**Your objective:**
Would you write out the lines from the one containing "348 0 349 1" to the end of the records below, exactly and in full, please?

○ ○ ○ ○ ○ ○ ○

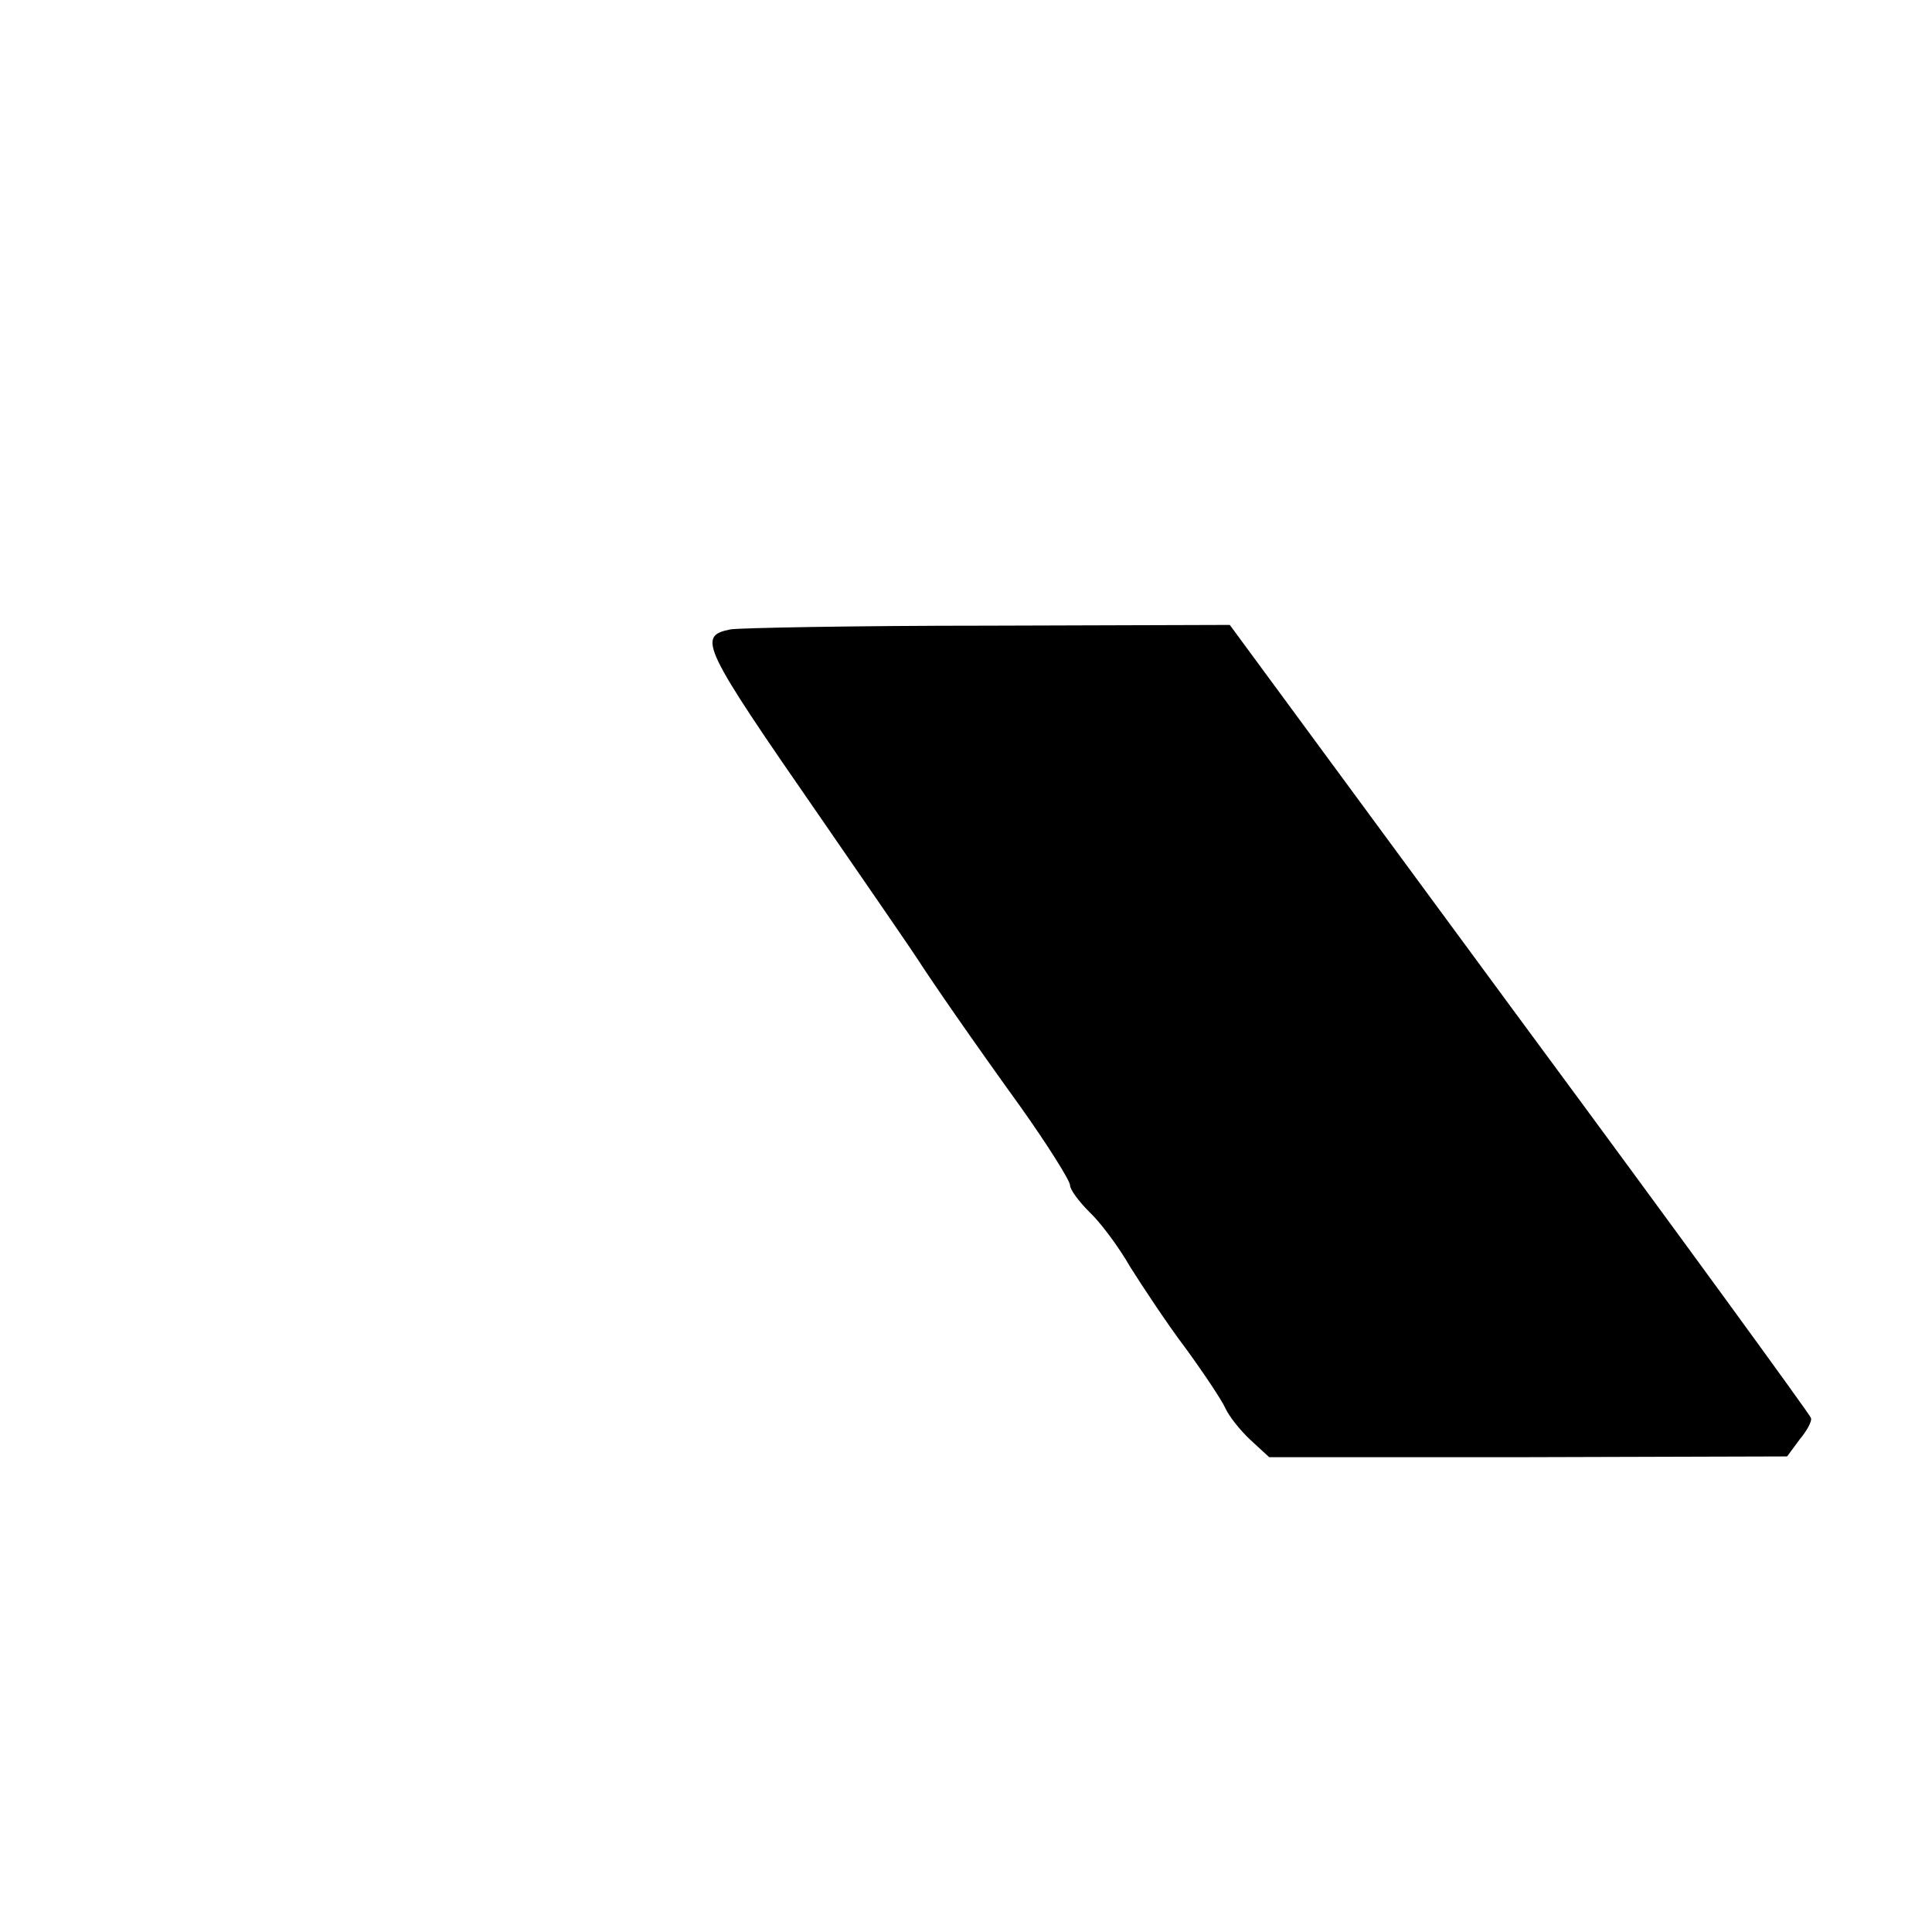 <?xml version="1.0" standalone="no"?>
<!DOCTYPE svg PUBLIC "-//W3C//DTD SVG 20010904//EN"
 "http://www.w3.org/TR/2001/REC-SVG-20010904/DTD/svg10.dtd">
<svg version="1.0" xmlns="http://www.w3.org/2000/svg"
 width="260pt" height="260pt" viewBox="0 0 260 260"
 preserveAspectRatio="xMidYMid meet">
<g transform="translate(0,260) scale(0.1,-0.1)"
fill="#000000" stroke="none">
<path d="M983 1753 c-45 -9 -39 -22 121 -253 67 -97 126 -183 131 -191 20 -31
71 -105 138 -198 37 -52 67 -100 67 -106 0 -6 12 -22 26 -36 14 -13 39 -46 55
-74 17 -27 50 -77 75 -110 24 -33 48 -69 53 -80 5 -11 20 -30 34 -43 l25 -23
348 0 349 1 17 23 c10 12 17 25 15 29 -1 4 -177 246 -392 537 l-390 530 -325
-1 c-179 0 -335 -3 -347 -5z"/>
</g>
</svg>

○ ○ ○ ○ ○ ○ ○

**Your solution:**
348 0 349 1 17 23 c10 12 17 25 15 29 -1 4 -177 246 -392 537 l-390 530 -325
-1 c-179 0 -335 -3 -347 -5z"/>
</g>
</svg>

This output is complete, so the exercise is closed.